Run vectorized functions on nested/ragged/complex array

where: None | str | Sequence[str, …]

if None, will attempt to apply the kernel throughout the nested structure, wherever correct types are encountered. If where is given, only the selected part of the structure will be considered, but the output will retain the original shape. A fieldname or sequence of fieldnames to descend into the tree are acceptable

match_kwargs: None | dict

any extra field identifiers for matching a record as OK to process

–Kernel documentation follows from the original function–

Parse timestamps.

For each string in strings, parse it as a timestamp. The timestamp unit and the expected string pattern must be given in StrptimeOptions. Null inputs emit null. If a non-null string fails parsing, an error is returned by default.

Parameters:
  • strings (Array-like or scalar-like) – Argument to compute function.

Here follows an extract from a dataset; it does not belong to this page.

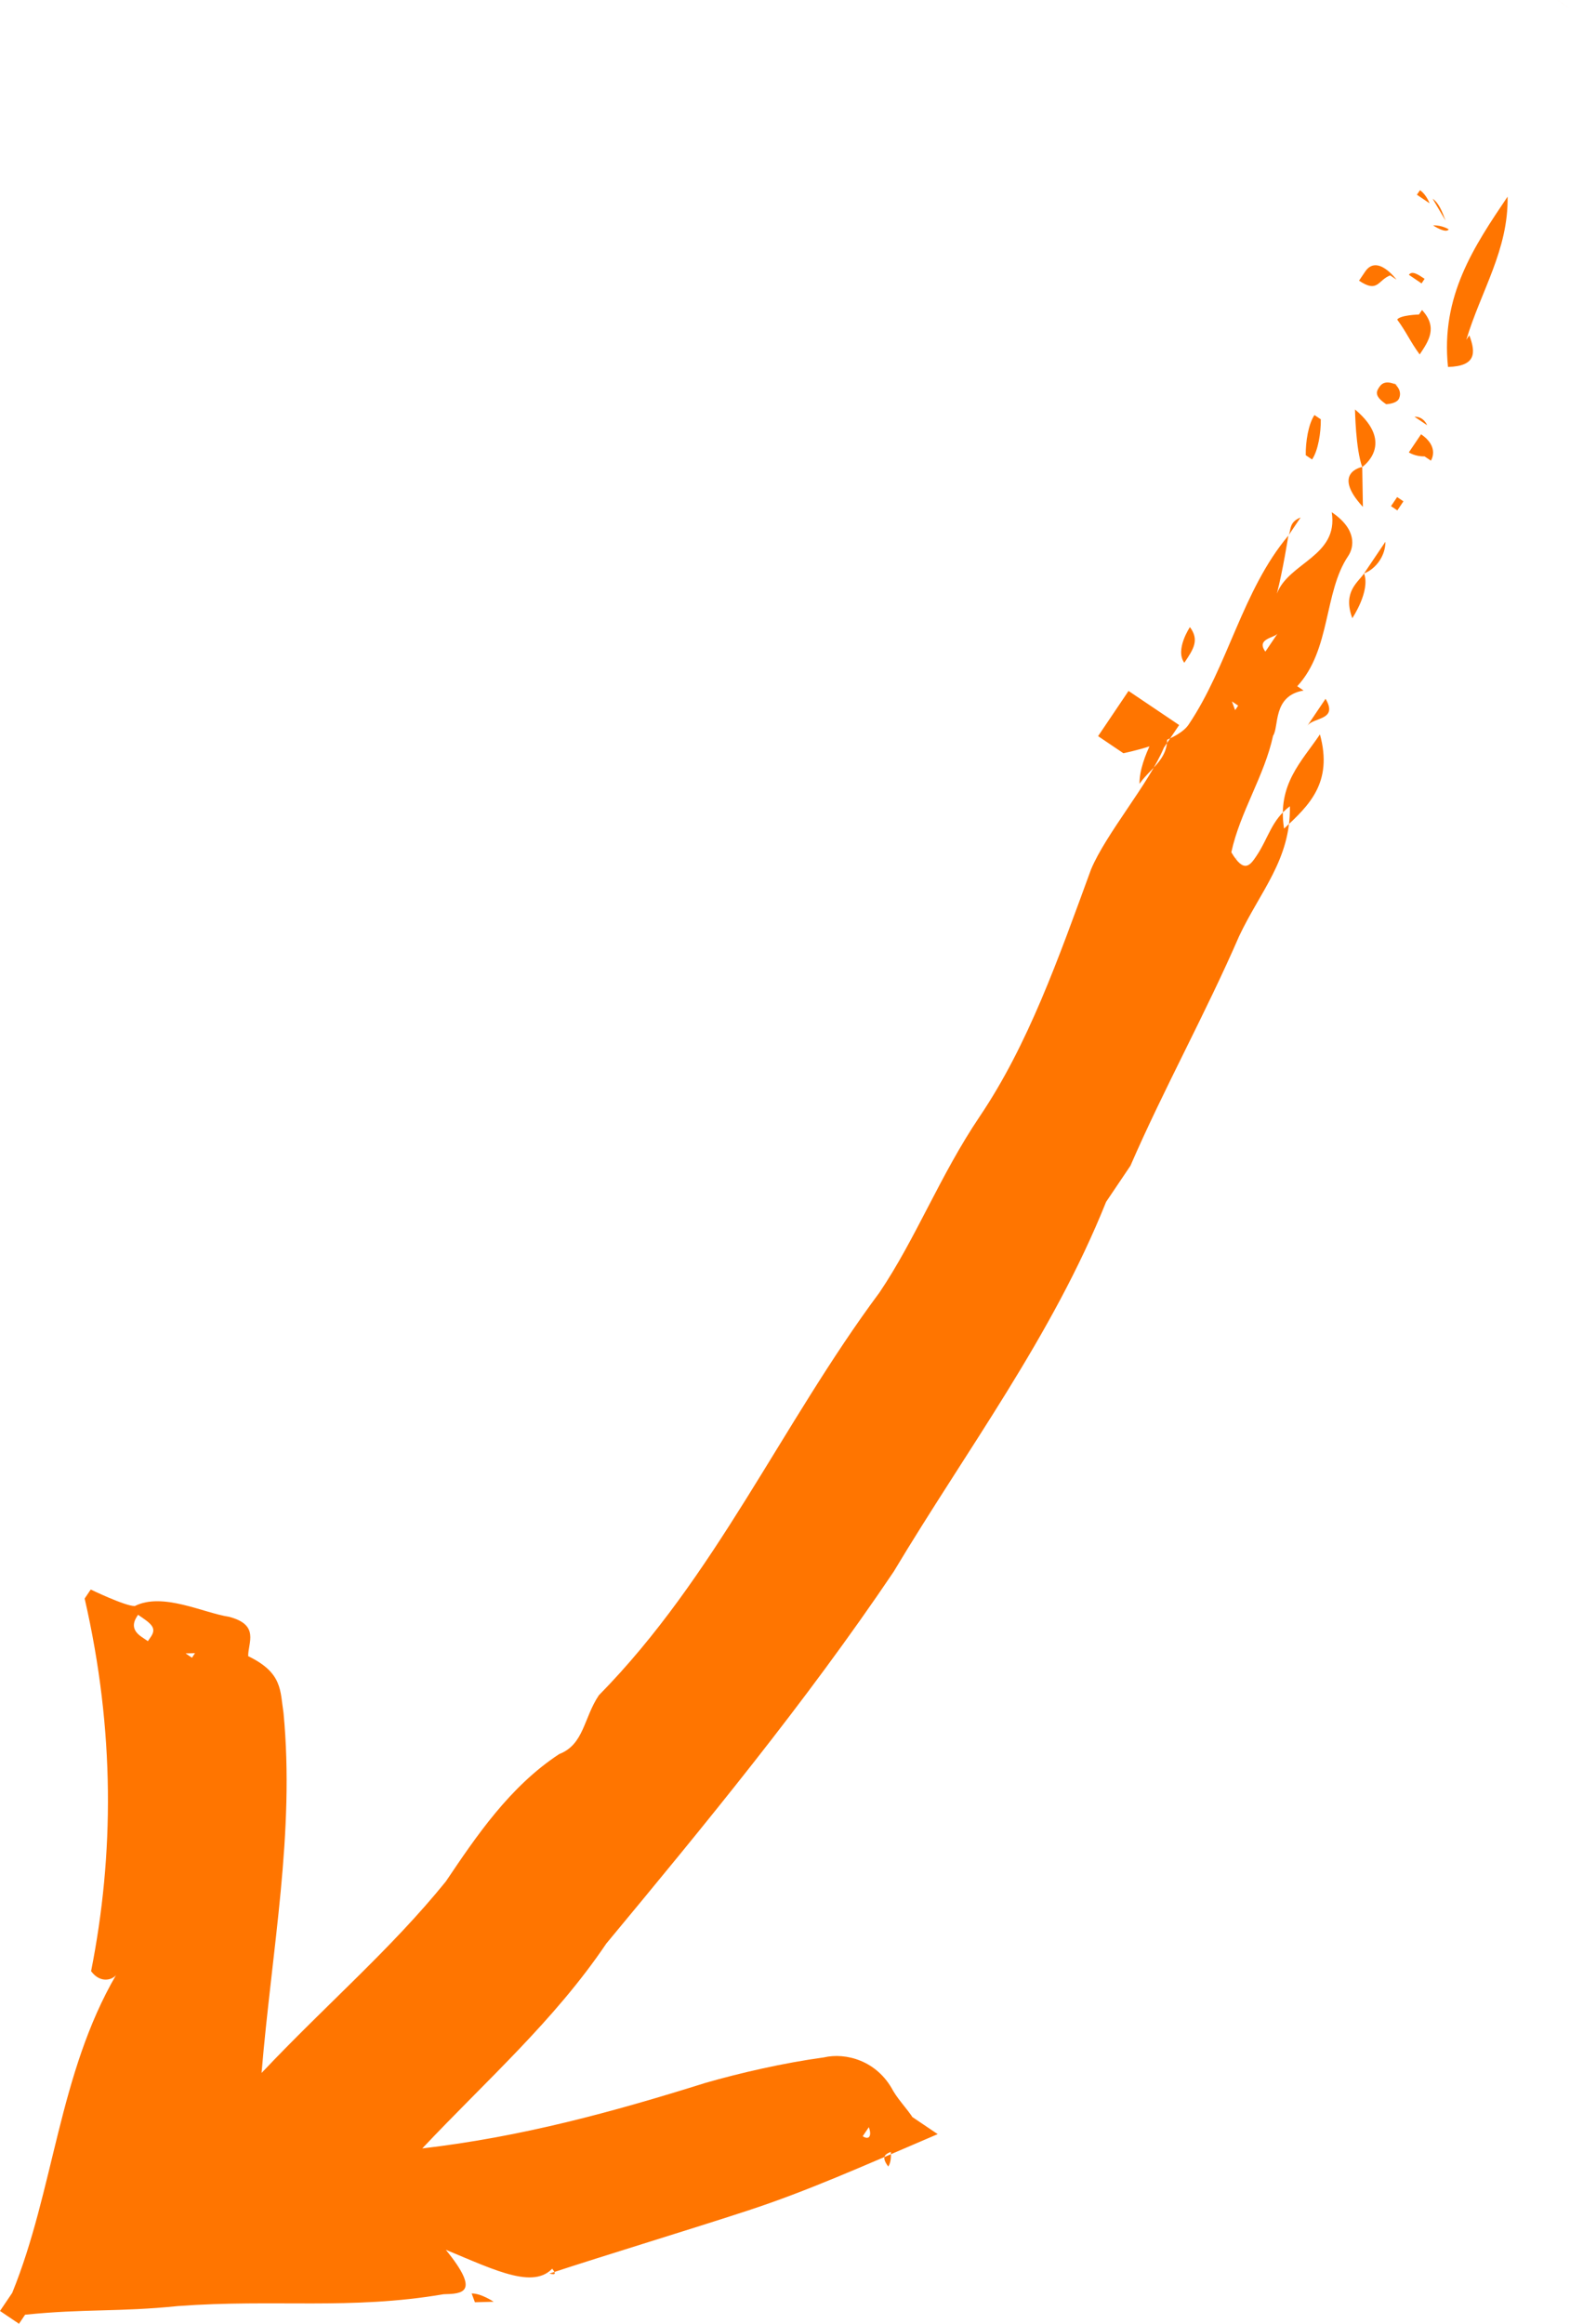 <?xml version="1.0" encoding="UTF-8"?> <svg xmlns="http://www.w3.org/2000/svg" viewBox="0 0 30.99 45.86" fill="none"><path d="M0.375 45.861L0 45.608C0 45.608 0.061 45.519 0.241 45.251C1.07 43.214 1.154 40.934 2.292 38.976C2.232 39.065 1.987 39.159 1.798 38.902C2.252 36.612 2.271 34.159 1.671 31.548L1.791 31.37C1.791 31.37 2.476 31.701 2.661 31.696C3.211 31.418 4.02 31.833 4.515 31.907C5.135 32.065 4.894 32.422 4.899 32.685C4.899 32.685 4.899 32.685 4.838 32.774C4.838 32.774 4.838 32.774 4.899 32.685C5.583 33.016 5.527 33.368 5.596 33.804C5.822 36.163 5.368 38.453 5.163 40.911C6.436 39.562 7.712 38.475 8.8 37.132C9.401 36.239 10.063 35.257 11.039 34.617C11.529 34.428 11.52 33.903 11.821 33.457C14.125 31.116 15.43 28.102 17.36 25.508C18.082 24.437 18.554 23.198 19.336 22.038C20.299 20.61 20.887 18.929 21.535 17.16C21.831 16.451 22.678 15.464 22.974 14.755L23.275 14.309L22.276 13.636L21.675 14.528L22.174 14.865C22.174 14.865 23.219 14.661 23.46 14.303C24.242 13.143 24.525 11.646 25.431 10.57C25.491 10.481 25.427 10.308 25.672 10.213C25.552 10.392 25.431 10.57 25.431 10.57C25.431 10.57 25.32 11.274 25.204 11.715C25.44 11.096 26.425 10.981 26.287 10.109C26.786 10.445 26.731 10.797 26.61 10.976C26.129 11.69 26.272 12.824 25.606 13.543C25.606 13.543 25.606 13.543 25.731 13.628C25.116 13.732 25.25 14.342 25.129 14.52C24.958 15.313 24.476 16.027 24.305 16.82C24.559 17.251 24.679 17.073 24.8 16.894C25.04 16.537 25.096 16.185 25.461 15.912C25.479 16.963 24.873 17.593 24.457 18.48C23.804 19.987 22.967 21.499 22.314 23.006C22.133 23.274 22.013 23.453 21.833 23.72C20.768 26.377 19.079 28.614 17.64 31.018C15.895 33.607 13.901 36.027 11.967 38.358C10.944 39.875 9.607 41.051 8.335 42.4C10.305 42.17 12.086 41.683 13.927 41.106C14.602 40.912 15.462 40.713 16.262 40.604C16.692 40.504 17.312 40.662 17.631 41.266C17.885 41.697 18.509 42.118 17.774 42.401C17.529 42.496 17.344 42.501 17.533 42.758C17.653 42.58 17.524 42.233 17.584 42.144C17.464 42.322 17.885 41.697 17.885 41.697L18.509 42.118C16.978 42.774 15.937 43.24 14.772 43.623C13.606 44.005 12.011 44.487 10.845 44.87C11.155 44.949 10.656 44.613 10.965 44.692C10.605 45.227 9.795 44.812 8.801 44.401C9.495 45.258 9.125 45.268 8.755 45.278C6.909 45.592 5.425 45.37 3.515 45.511C2.345 45.631 1.665 45.562 0.495 45.682L0.375 45.861ZM17.15 41.981C17.15 41.981 17.089 42.07 17.029 42.159C17.154 42.243 17.214 42.154 17.15 41.981ZM24.977 12.86C24.977 12.86 25.158 12.592 25.218 12.503C25.158 12.592 24.788 12.603 24.977 12.86ZM24.38 14.015C24.38 14.015 24.38 14.015 24.44 13.926C24.44 13.926 24.44 13.926 24.316 13.842L24.38 14.015ZM24.31 17.083L24.06 16.914C24.185 16.999 24.31 17.083 24.43 16.904L24.31 17.083ZM7.97 42.673C7.97 42.673 7.97 42.673 8.155 42.667L8.094 42.757L7.97 42.673ZM3.664 32.631C3.664 32.631 3.664 32.631 3.789 32.716C3.789 32.716 3.789 32.716 3.849 32.626L3.664 32.631ZM2.919 32.389C2.919 32.389 2.919 32.389 2.98 32.3C3.1 32.122 2.975 32.037 2.725 31.869C2.665 31.958 2.545 32.137 2.795 32.305L2.919 32.389ZM9.374 45.436C9.374 45.436 9.559 45.431 9.744 45.426C9.744 45.426 9.495 45.258 9.31 45.263L9.374 45.436ZM30.865 0.085C30.865 0.085 30.865 0.085 30.99 0.169L30.74 0L30.865 0.085ZM28.943 6.707C29.235 5.735 29.776 4.932 29.758 3.881C29.096 4.863 28.435 5.845 28.582 7.242C29.137 7.227 29.133 6.964 29.003 6.618L28.943 6.707ZM26.054 14.494C25.693 15.03 25.207 15.481 25.346 16.353C25.831 15.902 26.317 15.451 26.054 14.494ZM22.965 14.23C22.965 14.23 22.484 14.944 22.493 15.469C22.733 15.112 23.224 14.923 22.965 14.23ZM28.009 6.207C28.009 6.207 27.639 6.217 27.579 6.307C27.768 6.564 27.833 6.738 28.023 6.995C28.203 6.727 28.384 6.46 28.069 6.118L28.009 6.207ZM26.746 8.081C26.746 8.081 26.759 8.869 26.889 9.216C26.889 9.216 27.559 8.76 26.746 8.081ZM26.195 8.359C26.195 8.359 26.071 8.275 25.946 8.191C25.825 8.37 25.77 8.722 25.774 8.984C25.774 8.984 25.774 8.984 25.899 9.068C26.019 8.89 26.075 8.538 26.071 8.275L26.195 8.359ZM27.602 7.62C27.602 7.62 27.352 7.452 27.232 7.63C27.171 7.719 27.111 7.809 27.361 7.977C27.361 7.977 27.546 7.972 27.606 7.882C27.606 7.882 27.726 7.704 27.477 7.536L27.602 7.62ZM26.889 9.216C26.889 9.216 26.273 9.321 26.902 10.004C26.898 9.741 26.893 9.479 26.889 9.216ZM27.565 5.519C27.565 5.519 27.186 5.004 26.946 5.361L26.826 5.539C27.2 5.792 27.195 5.529 27.441 5.435L27.565 5.519ZM28.244 9.091C28.244 9.091 28.424 8.823 28.05 8.571C28.05 8.571 27.869 8.839 27.809 8.928C27.809 8.928 27.934 9.012 28.119 9.007L28.244 9.091ZM27.346 10.692C27.346 10.692 27.045 11.139 26.925 11.317C27.17 11.223 27.35 10.955 27.346 10.692ZM23.488 12.376C23.488 12.376 23.188 12.822 23.377 13.08C23.558 12.812 23.678 12.633 23.488 12.376ZM26.165 13.791C26.165 13.791 25.925 14.148 25.804 14.326C25.925 14.148 26.419 14.222 26.165 13.791ZM26.693 12.2C26.693 12.2 27.054 11.664 26.925 11.317C26.805 11.496 26.499 11.679 26.693 12.2ZM27.457 9.989L27.582 10.073C27.582 10.073 27.642 9.984 27.702 9.894L27.578 9.81C27.578 9.81 27.517 9.899 27.457 9.989ZM28.12 5.503C27.995 5.419 27.871 5.335 27.81 5.424L28.06 5.593L28.12 5.503ZM27.968 3.843L28.218 4.012C28.218 4.012 28.153 3.838 28.029 3.754C28.029 3.754 28.029 3.754 27.968 3.843ZM28.651 7.678C28.651 7.678 28.651 7.678 28.591 7.768C28.591 7.768 28.591 7.768 28.651 7.678ZM28.944 3.203C28.944 3.203 28.944 3.203 28.884 3.293C28.884 3.293 28.884 3.293 28.944 3.203ZM29.749 3.356C29.749 3.356 29.689 3.445 29.629 3.535L29.749 3.356ZM28.597 4.527C28.597 4.527 28.472 4.443 28.287 4.448C28.287 4.448 28.537 4.616 28.597 4.527ZM28.533 4.353L28.278 3.922C28.403 4.007 28.468 4.18 28.533 4.353ZM27.92 8.224C27.92 8.224 28.045 8.308 28.17 8.392C28.17 8.392 28.105 8.219 27.92 8.224ZM27.871 5.335C27.871 5.335 27.686 5.34 27.501 5.345C27.501 5.345 27.686 5.34 27.871 5.335Z" fill="#FF7500"></path></svg>

  • format (str) – Pattern for parsing input strings as timestamps, such as “%Y/%m/%d”. Note that the semantics of the format follow the C/C++ strptime, not the Python one. There are differences in behavior, for example how the “%y” placeholder handles years with less than four digits.

  • unit (str) – Timestamp unit of the output. Accepted values are “s”, “ms”, “us”, “ns”.

  • error_is_null (boolean, default False) – Return null on parsing errors if true or raise if false.

  • options (pyarrow.compute.StrptimeOptions, optional) – Alternative way of passing options.

  • memory_pool (pyarrow.MemoryPool, optional) – If not passed, will allocate memory from the default memory pool.

The cuDF backend also has these implemented with GPU-specific variants, akimbo.cudf.CudfStringAccessor and akimbo.cudf.CudfDatetimeAccessor.